PROBLEM LINK:
Setter: Pranav Reddy
Testers: Lavish Gupta, Tejas Pandey
Editorialist: Ajit Sharma Kasturi
DIFFICULTY:
EASY
PREREQUISITES:
Prime factorization
PROBLEM:
There is rectangular screen in coordinate plane from (0, 0) to (N, M). We need to divide the rectangle into vertical columns with equal size with borders as integer coordinates.
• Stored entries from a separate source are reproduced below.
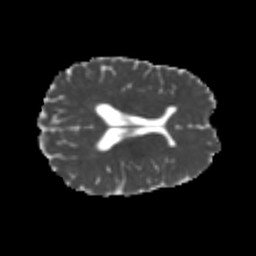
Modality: MD
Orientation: axial
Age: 22
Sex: male
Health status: healthy
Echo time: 0.074 s

Then each column is further divided into windows with the following properties:
-
For a column, the size of each window must be same and must have borders as integer coordinates.
-
There must be atleast two windows in a single column.
-
No two windows in different columns have the same y coordinate for horizontal edges, except for the borders of the screen.
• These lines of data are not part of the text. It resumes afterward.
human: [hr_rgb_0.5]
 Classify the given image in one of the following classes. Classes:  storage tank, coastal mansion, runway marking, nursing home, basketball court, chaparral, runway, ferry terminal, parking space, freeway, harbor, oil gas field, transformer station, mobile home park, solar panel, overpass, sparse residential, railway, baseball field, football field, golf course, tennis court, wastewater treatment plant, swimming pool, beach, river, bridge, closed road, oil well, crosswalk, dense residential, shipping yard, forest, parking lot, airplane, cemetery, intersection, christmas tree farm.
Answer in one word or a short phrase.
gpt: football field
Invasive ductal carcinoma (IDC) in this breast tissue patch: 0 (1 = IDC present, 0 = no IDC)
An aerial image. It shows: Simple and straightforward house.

We need to output the maximum number of columns that can be created.
EXPLANATION:
-
Let there be a total of tot columns in the final answer with the number of windows in each column as c_1, c_2 \dots c_{tot}.
-
To ensure the horizontal edges of two windows of different columns i and j have different y coordinates, we need to have gcd(c_i, c_j) =1.
-
We can easily prove this by contradiction: Let gcd(c_i, c_j) =k \gt 1. Then, c_i = k \cdot p and c_j = k\cdot q for some positive integers p and q. Now, window in column i has size s_i = \frac{M}{k \cdot p} and window in column j has size s_j = \frac{M}{k \cdot q}. It can be observed clearly that p^{th} window from the bottom in column i has a horizontal edge which will have the same y coordinate the q^{th} window from the bottom in column j. In other words, p \cdot s_i = q \cdot s_j = \frac{M}{k} \lt M. We arrived at a contradiction because our assumption is wrong. Therefore, gcd(c_i, c_j) must be equal to 1.
-
Now our main goal is to maximize the value of tot. This can be realised by first doing the prime factorization of M. This can be done in O(\sqrt M) by the classic prime factorization method. Let there be a total of y primes and let M = p_1^{x_1} \cdot p_2^{x_2} \dots p_y^{x_y}.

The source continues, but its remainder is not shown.